Aug. 26 (Bloomberg) -- Credit-default swaps dealers canceled 6,850 contracts linked to Thomson SA, eliminating duplicate trades worth $16 billion, according to derivatives service provider TriOptima AB.

Banks hold redundant contracts because they both buy and sell default protection on the same company with different customers. Tearing up offsetting swaps will make it easier to settle remaining contracts that may be triggered after Thomson deferred payments on private notes.

The electronics company’s credit event is the first since the so-called Small Bang standardized default swaps on European companies in July, allowing contracts triggered by debt restructuring to be settled at auctions. The Paris-based company is trying to reorganize 2.8 billion euros ($4 billion) of debt to avert bankruptcy.

“The industry is pursuing all opportunities to ensure the smooth operation of the new settlement process,” Henrik Nilsson, TriOptima’s head of product development, said in a statement.

Traders ruled Aug. 12 that Thomson’s deferral of a $72.5 million repayment on its 6.05 percent privately placed notes was a so-called restructuring credit event.

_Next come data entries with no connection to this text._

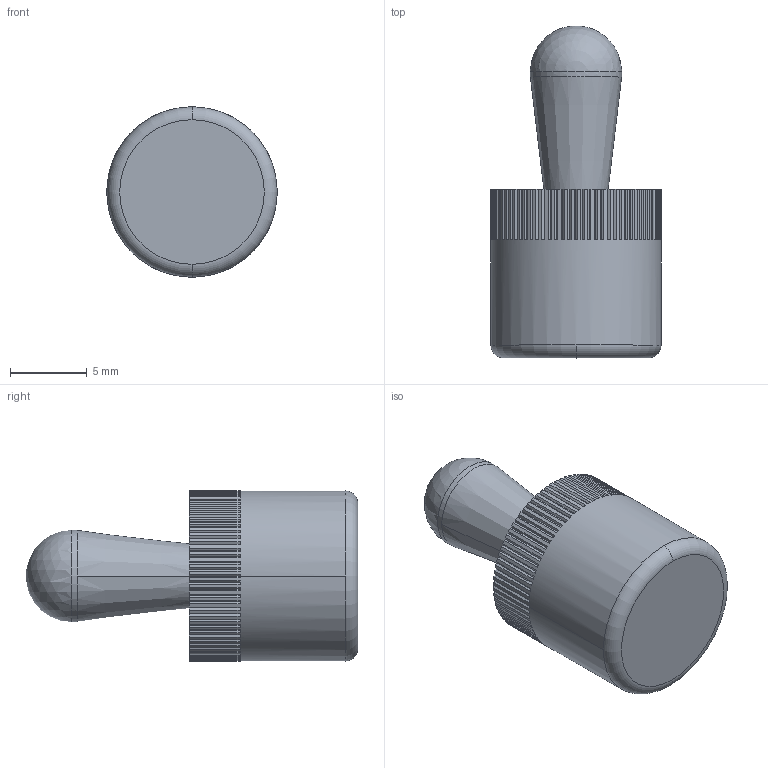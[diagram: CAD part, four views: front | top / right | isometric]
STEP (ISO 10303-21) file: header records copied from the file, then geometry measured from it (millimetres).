
FILE_DESCRIPTION(('STEP AP214'),'1');
FILE_NAME('HALDERN_EH_2B150_0065.stp','2017-07-04T08:44:07',('TraceParts'),('TraceParts S.A.'),'Spatial InterOp 3D',' ',' ');
FILE_SCHEMA(('automotive_design'));
Length unit declared in the file: millimetre
Products named in the file (2): HALDERN_EH_2B150_0065_1; HALDERN_EH_2B150_0065_2
Bounding box: 11.11 x 21.67 x 11.11 mm (x, y, z)
Volume: 745.4 mm3; surface area: 1238.6 mm2
Topology: 2 solids, 2 shells, 262 faces, 767 edges, 509 vertices
Faces by surface type: plane 246, cylinder 10, torus 2, sphere 2, cone 2
Entity records: 10793 total; most frequent: CARTESIAN_POINT 1536, ORIENTED_EDGE 1526, DIRECTION 1482, EDGE_CURVE 763, LINE 572, VECTOR 572, VERTEX_POINT 509, AXIS2_PLACEMENT_3D 455

Investors bought or sold more than 11,000 individual swaps contracts worth a net $2 billion on Thomson debt as of Aug. 14, according to data compiled by Depository Trust & Clearing Corp. The trades have a gross notional exposure of $46 billion.

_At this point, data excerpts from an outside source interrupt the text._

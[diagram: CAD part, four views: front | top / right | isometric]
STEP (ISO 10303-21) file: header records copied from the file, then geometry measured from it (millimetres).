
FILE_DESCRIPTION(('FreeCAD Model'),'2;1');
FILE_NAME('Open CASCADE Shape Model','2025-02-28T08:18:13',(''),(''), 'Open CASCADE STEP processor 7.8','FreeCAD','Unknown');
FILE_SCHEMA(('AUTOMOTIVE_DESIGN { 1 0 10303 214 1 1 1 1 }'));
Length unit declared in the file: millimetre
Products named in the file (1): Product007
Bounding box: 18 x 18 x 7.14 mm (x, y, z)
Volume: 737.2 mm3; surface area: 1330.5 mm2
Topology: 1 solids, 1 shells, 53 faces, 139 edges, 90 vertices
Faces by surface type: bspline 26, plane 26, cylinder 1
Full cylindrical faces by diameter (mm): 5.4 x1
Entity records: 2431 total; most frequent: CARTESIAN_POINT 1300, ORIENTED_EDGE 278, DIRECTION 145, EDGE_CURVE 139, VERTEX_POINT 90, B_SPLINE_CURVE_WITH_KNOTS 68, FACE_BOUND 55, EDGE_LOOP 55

A further $2.5 billion of default protection with a gross exposure of $18 billion was traded through contracts on indexes.

Index Trades

Stockholm-based TriOptima eliminated 2,515 trades on portions of credit swaps indexes referencing Thomson on Aug. 14, according to the statement. The company operates a so-called portfolio compression platform that reduces the notional size of the credit derivatives market by canceling redundant trades. The process is a response to regulators’ efforts to clean up the privately negotiated derivatives market.

“The idea is to compress as much as possible and simplify positions as much as possible ahead of the auction so the decision-making process is easier,” said Matthew Leeming, head of European credit derivatives strategy at Barclays Capital in London. “It’s easier to determine the best course of action if you have a less complex position to manage.”

Credit-default swaps, contracts conceived to protect bondholders against default, pay the buyer face value in exchange for the underlying securities or the cash equivalent should a company fail to adhere to its debt agreements.

Contracts tied to Thomson were quoted at 26.2 percent upfront and five percent a year, according to CMA DataVision. That means it costs 2.62 million euros in advance and 500,000 euros a year to protect 10 million euros of the company’s debt from default for five years.